WARNING! using --reset-previous-upgrade when an upgrade is in progress
will cause the upgrade to fail. Only use this option to clear an
incomplete upgrade where the root cause has been resolved.

Continue [y/N]? y
2015-11-19 17:28:25 ERROR juju.cmd supercommand.go:429 some agents have not upgraded to the current environment version 1.24.7: machine-0 <snip>

Revision history for this message
Cheryl Jennings (cherylj) wrote :

Can you upload the full machine-0.log?

Changed in juju-core:
status: New → Triaged
importance: Undecided → High
Revision history for this message
Johan Ehnberg (johan-ehnberg) wrote :

There's too much data to check to post publicly, but I can share it privately with devs. I sent you the link. Note that I use the following to work around mongod log spam:
:msg, contains, "authenticate db: " stop
:msg, contains, "warning: No such role" stop

Also, I previously filtered out apiserver messages due to the same reason (log was growing to gigabytes...)

Revision history for this message
Johan Ehnberg (johan-ehnberg) wrote :

Is there any workaround/fix for this? Are there any tests you'd like me to do? We have uses for the machines concerned, so otherwise I will go ahead and restore the previous state.

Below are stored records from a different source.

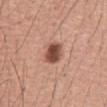{
  "biopsy_status": "not biopsied; imaged during a skin examination",
  "automated_metrics": {
    "area_mm2_approx": 6.5,
    "eccentricity": 0.4,
    "nevus_likeness_0_100": 90
  },
  "lighting": "white-light",
  "lesion_size": {
    "long_diameter_mm_approx": 3.0
  },
  "site": "back",
  "image": {
    "source": "total-body photography crop",
    "field_of_view_mm": 15
  },
  "patient": {
    "sex": "male",
    "age_approx": 45
  }
}
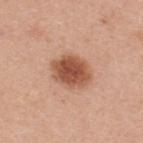Q: Is there a histopathology result?
A: total-body-photography surveillance lesion; no biopsy
Q: Patient demographics?
A: female, aged 28–32
Q: How large is the lesion?
A: ~4.5 mm (longest diameter)
Q: How was this image acquired?
A: 15 mm crop, total-body photography
Q: Lesion location?
A: the upper back
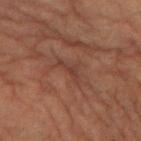notes: total-body-photography surveillance lesion; no biopsy | subject: female, aged approximately 80 | imaging modality: ~15 mm crop, total-body skin-cancer survey | lesion diameter: ≈3 mm | image-analysis metrics: a footprint of about 3 mm², an outline eccentricity of about 0.9 (0 = round, 1 = elongated), and a symmetry-axis asymmetry near 0.55; a mean CIELAB color near L≈28 a*≈17 b*≈20, a lesion–skin lightness drop of about 5, and a lesion-to-skin contrast of about 5 (normalized; higher = more distinct); a border-irregularity rating of about 6/10, a within-lesion color-variation index near 0/10, and a peripheral color-asymmetry measure near 0 | anatomic site: the leg.
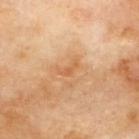Assessment: The lesion was tiled from a total-body skin photograph and was not biopsied. Acquisition and patient details: The patient is a male aged around 70. About 2.5 mm across. An algorithmic analysis of the crop reported an average lesion color of about L≈60 a*≈23 b*≈40 (CIELAB), a lesion–skin lightness drop of about 7, and a normalized border contrast of about 5.5. The software also gave internal color variation of about 0 on a 0–10 scale and radial color variation of about 0. Captured under cross-polarized illumination. This image is a 15 mm lesion crop taken from a total-body photograph. From the back.
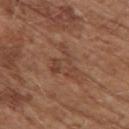notes: imaged on a skin check; not biopsied | acquisition: total-body-photography crop, ~15 mm field of view | location: the upper back | subject: male, about 75 years old.
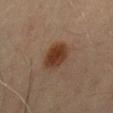Part of a total-body skin-imaging series; this lesion was reviewed on a skin check and was not flagged for biopsy.
The patient is a male about 70 years old.
Imaged with cross-polarized lighting.
A 15 mm crop from a total-body photograph taken for skin-cancer surveillance.
The lesion is located on the lower back.
Automated image analysis of the tile measured a border-irregularity rating of about 1.5/10 and internal color variation of about 2.5 on a 0–10 scale. It also reported a nevus-likeness score of about 100/100 and a lesion-detection confidence of about 100/100.
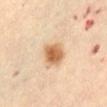This lesion was catalogued during total-body skin photography and was not selected for biopsy. The lesion is on the abdomen. About 5 mm across. The tile uses cross-polarized illumination. This image is a 15 mm lesion crop taken from a total-body photograph. A female subject, aged approximately 65.
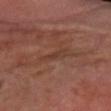Impression: Imaged during a routine full-body skin examination; the lesion was not biopsied and no histopathology is available. Context: The lesion's longest dimension is about 3 mm. A male subject, in their 70s. Imaged with cross-polarized lighting. The lesion is on the right forearm. A 15 mm crop from a total-body photograph taken for skin-cancer surveillance.
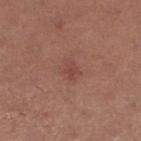notes: no biopsy performed (imaged during a skin exam) | body site: the left lower leg | acquisition: ~15 mm crop, total-body skin-cancer survey | subject: female, aged 43 to 47.
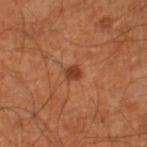Captured during whole-body skin photography for melanoma surveillance; the lesion was not biopsied.
Approximately 2 mm at its widest.
A male subject, about 60 years old.
This image is a 15 mm lesion crop taken from a total-body photograph.
This is a cross-polarized tile.
From the right lower leg.
The lesion-visualizer software estimated a border-irregularity index near 2/10, a within-lesion color-variation index near 1/10, and a peripheral color-asymmetry measure near 0.5. It also reported a classifier nevus-likeness of about 90/100.
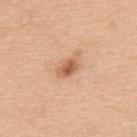Image and clinical context: The total-body-photography lesion software estimated an area of roughly 4.5 mm², an eccentricity of roughly 0.75, and two-axis asymmetry of about 0.2. And it measured a mean CIELAB color near L≈60 a*≈24 b*≈33, roughly 12 lightness units darker than nearby skin, and a lesion-to-skin contrast of about 7.5 (normalized; higher = more distinct). The analysis additionally found border irregularity of about 2 on a 0–10 scale and a peripheral color-asymmetry measure near 1. The analysis additionally found a nevus-likeness score of about 80/100. On the upper back. The subject is a male aged 48–52. The recorded lesion diameter is about 3 mm. A 15 mm close-up extracted from a 3D total-body photography capture. Captured under white-light illumination.
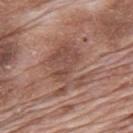Assessment: The lesion was photographed on a routine skin check and not biopsied; there is no pathology result. Acquisition and patient details: The recorded lesion diameter is about 6 mm. A 15 mm crop from a total-body photograph taken for skin-cancer surveillance. The patient is a male roughly 70 years of age. Imaged with white-light lighting. The lesion is on the mid back.
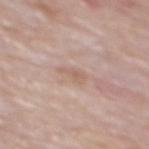Q: Was this lesion biopsied?
A: catalogued during a skin exam; not biopsied
Q: What are the patient's age and sex?
A: male, aged approximately 75
Q: What is the anatomic site?
A: the mid back
Q: Illumination type?
A: white-light illumination
Q: Lesion size?
A: ~2.5 mm (longest diameter)
Q: What kind of image is this?
A: ~15 mm crop, total-body skin-cancer survey
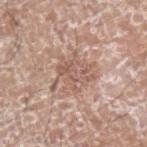notes=imaged on a skin check; not biopsied
image=15 mm crop, total-body photography
automated lesion analysis=border irregularity of about 7.5 on a 0–10 scale, internal color variation of about 4 on a 0–10 scale, and a peripheral color-asymmetry measure near 1.5; a classifier nevus-likeness of about 0/100
site=the left upper arm
lesion size=~5.5 mm (longest diameter)
illumination=white-light
patient=male, in their mid-70s
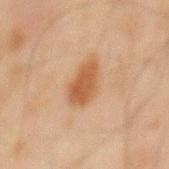follow-up = imaged on a skin check; not biopsied | patient = male, approximately 45 years of age | image = 15 mm crop, total-body photography | lesion diameter = ~4.5 mm (longest diameter) | tile lighting = cross-polarized | body site = the mid back.
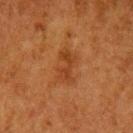The lesion's longest dimension is about 4 mm. A female subject aged 48 to 52. A lesion tile, about 15 mm wide, cut from a 3D total-body photograph. The lesion is located on the arm.
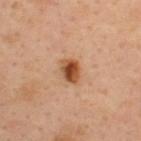<case>
<biopsy_status>not biopsied; imaged during a skin examination</biopsy_status>
<image>
  <source>total-body photography crop</source>
  <field_of_view_mm>15</field_of_view_mm>
</image>
<patient>
  <sex>male</sex>
  <age_approx>35</age_approx>
</patient>
<lesion_size>
  <long_diameter_mm_approx>2.5</long_diameter_mm_approx>
</lesion_size>
<site>upper back</site>
</case>
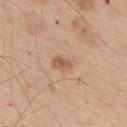Clinical impression:
Imaged during a routine full-body skin examination; the lesion was not biopsied and no histopathology is available.
Image and clinical context:
From the upper back. A male subject, in their mid-50s. A 15 mm close-up tile from a total-body photography series done for melanoma screening. The lesion's longest dimension is about 3.5 mm. This is a white-light tile.
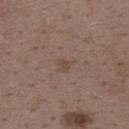Part of a total-body skin-imaging series; this lesion was reviewed on a skin check and was not flagged for biopsy. On the upper back. Measured at roughly 3 mm in maximum diameter. A lesion tile, about 15 mm wide, cut from a 3D total-body photograph. A female patient aged around 35.
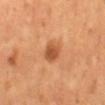On the mid back. The lesion-visualizer software estimated a lesion area of about 4.5 mm² and two-axis asymmetry of about 0.15. And it measured a border-irregularity index near 1.5/10, a within-lesion color-variation index near 2.5/10, and a peripheral color-asymmetry measure near 0.5. The software also gave a classifier nevus-likeness of about 70/100. A male subject aged around 55. A close-up tile cropped from a whole-body skin photograph, about 15 mm across. Captured under cross-polarized illumination. The lesion's longest dimension is about 2.5 mm.
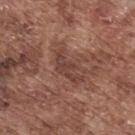  lesion_size:
    long_diameter_mm_approx: 4.5
  site: upper back
  patient:
    sex: male
    age_approx: 75
  image:
    source: total-body photography crop
    field_of_view_mm: 15
  automated_metrics:
    cielab_L: 42
    cielab_a: 21
    cielab_b: 24
    vs_skin_darker_L: 8.0
    vs_skin_contrast_norm: 6.5
    border_irregularity_0_10: 5.0
    color_variation_0_10: 2.5
    peripheral_color_asymmetry: 0.5
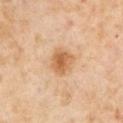Part of a total-body skin-imaging series; this lesion was reviewed on a skin check and was not flagged for biopsy.
A region of skin cropped from a whole-body photographic capture, roughly 15 mm wide.
The lesion is located on the left upper arm.
The subject is a male roughly 55 years of age.
Imaged with cross-polarized lighting.
Approximately 3 mm at its widest.
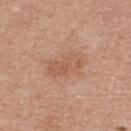No biopsy was performed on this lesion — it was imaged during a full skin examination and was not determined to be concerning.
The lesion's longest dimension is about 5 mm.
An algorithmic analysis of the crop reported an area of roughly 11 mm². And it measured a nevus-likeness score of about 10/100 and a lesion-detection confidence of about 100/100.
Cropped from a whole-body photographic skin survey; the tile spans about 15 mm.
The lesion is on the upper back.
A female patient, about 65 years old.
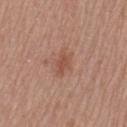Captured during whole-body skin photography for melanoma surveillance; the lesion was not biopsied.
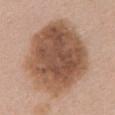The recorded lesion diameter is about 11 mm. Imaged with white-light lighting. On the mid back. A female patient aged around 65. A region of skin cropped from a whole-body photographic capture, roughly 15 mm wide. The lesion-visualizer software estimated a nevus-likeness score of about 10/100 and lesion-presence confidence of about 100/100.
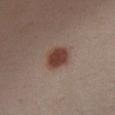Case summary:
* image source — ~15 mm crop, total-body skin-cancer survey
* patient — female, approximately 30 years of age
* illumination — white-light
* image-analysis metrics — an eccentricity of roughly 0.6 and two-axis asymmetry of about 0.2; a border-irregularity rating of about 1.5/10, internal color variation of about 2.5 on a 0–10 scale, and radial color variation of about 0.5
* lesion size — about 3.5 mm
* body site — the chest
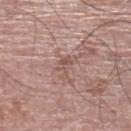follow-up: no biopsy performed (imaged during a skin exam)
image source: total-body-photography crop, ~15 mm field of view
patient: male, in their mid- to late 70s
location: the left lower leg
lesion diameter: ~3 mm (longest diameter)
automated metrics: a footprint of about 2.5 mm², an outline eccentricity of about 0.9 (0 = round, 1 = elongated), and two-axis asymmetry of about 0.75; an average lesion color of about L≈53 a*≈19 b*≈23 (CIELAB), a lesion–skin lightness drop of about 8, and a normalized border contrast of about 5.5; a border-irregularity index near 8/10 and radial color variation of about 0
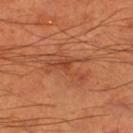No biopsy was performed on this lesion — it was imaged during a full skin examination and was not determined to be concerning. From the left thigh. Automated image analysis of the tile measured a border-irregularity rating of about 9/10, internal color variation of about 4 on a 0–10 scale, and peripheral color asymmetry of about 1. The lesion's longest dimension is about 5 mm. This image is a 15 mm lesion crop taken from a total-body photograph. A male patient, approximately 55 years of age.
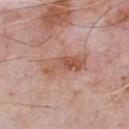follow-up: imaged on a skin check; not biopsied | image source: ~15 mm crop, total-body skin-cancer survey | automated metrics: an area of roughly 11 mm² and a symmetry-axis asymmetry near 0.25; a classifier nevus-likeness of about 0/100 and a lesion-detection confidence of about 100/100 | patient: male, roughly 60 years of age | site: the chest | lesion diameter: ≈5.5 mm.
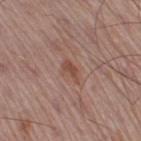follow-up: no biopsy performed (imaged during a skin exam); size: ≈2.5 mm; image: ~15 mm tile from a whole-body skin photo; patient: male, roughly 55 years of age; tile lighting: white-light illumination; location: the leg.
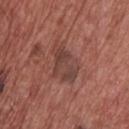Clinical impression:
The lesion was tiled from a total-body skin photograph and was not biopsied.
Context:
The lesion is on the upper back. A 15 mm close-up tile from a total-body photography series done for melanoma screening. The subject is a male approximately 70 years of age. Measured at roughly 5 mm in maximum diameter.
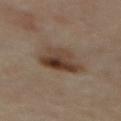Part of a total-body skin-imaging series; this lesion was reviewed on a skin check and was not flagged for biopsy.
Automated tile analysis of the lesion measured a footprint of about 15 mm² and an eccentricity of roughly 0.55. It also reported a lesion color around L≈40 a*≈15 b*≈26 in CIELAB, about 11 CIELAB-L* units darker than the surrounding skin, and a normalized lesion–skin contrast near 9.5.
A male subject aged 63–67.
The tile uses cross-polarized illumination.
From the mid back.
Measured at roughly 5 mm in maximum diameter.
A roughly 15 mm field-of-view crop from a total-body skin photograph.
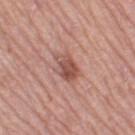patient:
  sex: female
  age_approx: 65
site: left thigh
image:
  source: total-body photography crop
  field_of_view_mm: 15
automated_metrics:
  area_mm2_approx: 5.5
  eccentricity: 0.75
  shape_asymmetry: 0.25
  cielab_L: 51
  cielab_a: 24
  cielab_b: 26
  vs_skin_darker_L: 11.0
  vs_skin_contrast_norm: 8.0
  border_irregularity_0_10: 2.5
  color_variation_0_10: 4.5
  peripheral_color_asymmetry: 1.5
  nevus_likeness_0_100: 60
  lesion_detection_confidence_0_100: 100
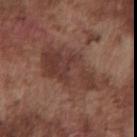| key | value |
|---|---|
| follow-up | no biopsy performed (imaged during a skin exam) |
| illumination | white-light illumination |
| image-analysis metrics | a footprint of about 22 mm², an outline eccentricity of about 0.9 (0 = round, 1 = elongated), and two-axis asymmetry of about 0.3 |
| location | the front of the torso |
| image | ~15 mm crop, total-body skin-cancer survey |
| patient | male, in their mid-70s |
| lesion diameter | ≈8.5 mm |
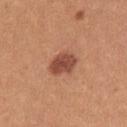biopsy status — total-body-photography surveillance lesion; no biopsy | tile lighting — white-light | subject — female, in their mid-20s | site — the left upper arm | image source — total-body-photography crop, ~15 mm field of view.
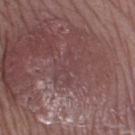Assessment: The lesion was tiled from a total-body skin photograph and was not biopsied. Context: From the leg. A 15 mm crop from a total-body photograph taken for skin-cancer surveillance. The lesion-visualizer software estimated an outline eccentricity of about 0.65 (0 = round, 1 = elongated) and two-axis asymmetry of about 0.6. This is a white-light tile. The subject is a male in their 70s. Approximately 3.5 mm at its widest.
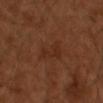The lesion was tiled from a total-body skin photograph and was not biopsied.
This image is a 15 mm lesion crop taken from a total-body photograph.
The subject is a male about 65 years old.
About 3 mm across.
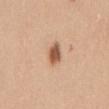Imaged during a routine full-body skin examination; the lesion was not biopsied and no histopathology is available.
From the mid back.
Measured at roughly 3.5 mm in maximum diameter.
A female patient roughly 30 years of age.
Imaged with white-light lighting.
A lesion tile, about 15 mm wide, cut from a 3D total-body photograph.
Automated image analysis of the tile measured a footprint of about 5 mm², an outline eccentricity of about 0.8 (0 = round, 1 = elongated), and a symmetry-axis asymmetry near 0.25. It also reported an average lesion color of about L≈57 a*≈22 b*≈33 (CIELAB) and a normalized border contrast of about 9.5. The analysis additionally found a border-irregularity rating of about 2.5/10 and radial color variation of about 1.
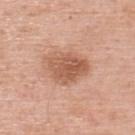Captured during whole-body skin photography for melanoma surveillance; the lesion was not biopsied. Cropped from a whole-body photographic skin survey; the tile spans about 15 mm. The subject is a male aged 58–62. The lesion-visualizer software estimated a lesion color around L≈57 a*≈23 b*≈32 in CIELAB, roughly 11 lightness units darker than nearby skin, and a normalized border contrast of about 7.5. The analysis additionally found border irregularity of about 2.5 on a 0–10 scale, internal color variation of about 4 on a 0–10 scale, and radial color variation of about 1.5. On the back. The tile uses white-light illumination. The recorded lesion diameter is about 5 mm.
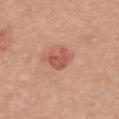* biopsy status: imaged on a skin check; not biopsied
* anatomic site: the front of the torso
* automated metrics: a lesion–skin lightness drop of about 10; a nevus-likeness score of about 65/100
* subject: female, aged around 60
* image source: total-body-photography crop, ~15 mm field of view
* size: ≈3.5 mm
* illumination: white-light illumination
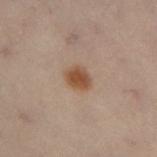Clinical impression:
The lesion was photographed on a routine skin check and not biopsied; there is no pathology result.
Background:
On the leg. A lesion tile, about 15 mm wide, cut from a 3D total-body photograph. Captured under cross-polarized illumination. The patient is a female aged 48 to 52.
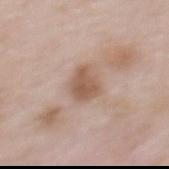Imaged during a routine full-body skin examination; the lesion was not biopsied and no histopathology is available. A female patient, about 65 years old. A close-up tile cropped from a whole-body skin photograph, about 15 mm across. Automated image analysis of the tile measured an area of roughly 7 mm² and a symmetry-axis asymmetry near 0.3. About 3.5 mm across. This is a white-light tile. Located on the upper back.
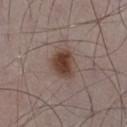A 15 mm close-up extracted from a 3D total-body photography capture.
The recorded lesion diameter is about 4 mm.
A male subject in their 50s.
Imaged with white-light lighting.
The lesion is located on the right thigh.
An algorithmic analysis of the crop reported an outline eccentricity of about 0.65 (0 = round, 1 = elongated). The software also gave a lesion color around L≈41 a*≈17 b*≈23 in CIELAB, roughly 12 lightness units darker than nearby skin, and a normalized lesion–skin contrast near 10.5.
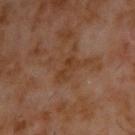This lesion was catalogued during total-body skin photography and was not selected for biopsy. The patient is a male aged 58 to 62. About 3 mm across. Located on the upper back. A 15 mm close-up tile from a total-body photography series done for melanoma screening. The tile uses cross-polarized illumination. The lesion-visualizer software estimated roughly 6 lightness units darker than nearby skin. It also reported a classifier nevus-likeness of about 0/100 and a detector confidence of about 100 out of 100 that the crop contains a lesion.
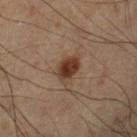No biopsy was performed on this lesion — it was imaged during a full skin examination and was not determined to be concerning.
A male subject aged 48 to 52.
From the right lower leg.
The recorded lesion diameter is about 3 mm.
Imaged with cross-polarized lighting.
A 15 mm close-up extracted from a 3D total-body photography capture.
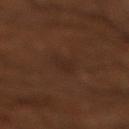{"biopsy_status": "not biopsied; imaged during a skin examination", "lesion_size": {"long_diameter_mm_approx": 3.5}, "site": "right lower leg", "patient": {"sex": "male", "age_approx": 65}, "image": {"source": "total-body photography crop", "field_of_view_mm": 15}}
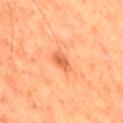biopsy status = no biopsy performed (imaged during a skin exam) | location = the right thigh | automated lesion analysis = a footprint of about 3.5 mm² and a shape eccentricity near 0.75; a classifier nevus-likeness of about 45/100 and lesion-presence confidence of about 100/100 | diameter = about 2.5 mm | patient = male, approximately 65 years of age | acquisition = ~15 mm crop, total-body skin-cancer survey | lighting = cross-polarized.
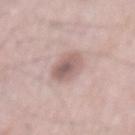subject = male, roughly 65 years of age
body site = the mid back
size = ≈4 mm
tile lighting = white-light illumination
image source = total-body-photography crop, ~15 mm field of view
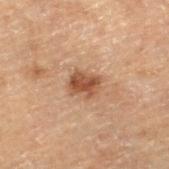The lesion was photographed on a routine skin check and not biopsied; there is no pathology result.
A 15 mm crop from a total-body photograph taken for skin-cancer surveillance.
A male subject aged approximately 70.
An algorithmic analysis of the crop reported a lesion area of about 6 mm², a shape eccentricity near 0.65, and a symmetry-axis asymmetry near 0.2. The software also gave a mean CIELAB color near L≈38 a*≈18 b*≈26, roughly 10 lightness units darker than nearby skin, and a normalized lesion–skin contrast near 9. And it measured lesion-presence confidence of about 100/100.
Located on the leg.
Approximately 3 mm at its widest.
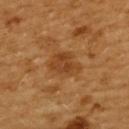Captured during whole-body skin photography for melanoma surveillance; the lesion was not biopsied.
Captured under cross-polarized illumination.
Located on the upper back.
A lesion tile, about 15 mm wide, cut from a 3D total-body photograph.
A female patient, in their mid- to late 50s.
Automated image analysis of the tile measured an area of roughly 7.5 mm², an eccentricity of roughly 0.65, and two-axis asymmetry of about 0.3. The software also gave a lesion–skin lightness drop of about 8 and a lesion-to-skin contrast of about 6.5 (normalized; higher = more distinct). And it measured a border-irregularity index near 2.5/10, a within-lesion color-variation index near 3/10, and peripheral color asymmetry of about 1. The software also gave a nevus-likeness score of about 20/100.
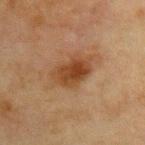Part of a total-body skin-imaging series; this lesion was reviewed on a skin check and was not flagged for biopsy. The lesion is located on the chest. Captured under cross-polarized illumination. The recorded lesion diameter is about 4 mm. Automated image analysis of the tile measured a lesion color around L≈34 a*≈19 b*≈30 in CIELAB, roughly 9 lightness units darker than nearby skin, and a normalized border contrast of about 9. The software also gave a border-irregularity rating of about 2/10, a color-variation rating of about 4.5/10, and peripheral color asymmetry of about 1.5. A male subject approximately 65 years of age. A region of skin cropped from a whole-body photographic capture, roughly 15 mm wide.

Revision history for this message
Cheryl Jennings (cherylj) wrote :

Johan, I'm sorry I hadn't had a chance to look at this yet. In looking at the machine-0 log, I see:

2015-11-19 17:28:27 DEBUG juju.apiserver.upgrader upgrader.go:185 desired version is 1.24.7, but current version is 1.23.3 and agent is not a manager node

Which says to me that the state server doesn't think it's the state server.

- Are you running HA?
- If so:
    - when you are able to run juju status, do you see that any of the state servers have upgraded?
    - could you also upload the logs from the other state servers
- Can you attach the syslog from all state servers

If you need the environment back and you do a restore, I'd recommend going straight from 1.20.* to 1.24.7. 1.23 had some problems, including during upgrades.

Revision history for this message
Johan Ehnberg (johan-ehnberg) wrote :

Thanks for having a look! This is the only state server, i.e. no HA, in a small environment of 6 machines.

Earlier the same day I did an upgrade to 1.23 with --version to the same state server, since the default upgrade without specified version did not recognize anything newer. This was despite the MAAS apache logs showing the state server downloading everything up to 1.25 when running without --version or with --version 1.21. This may be related but if I stumble upon it again I will file it separately.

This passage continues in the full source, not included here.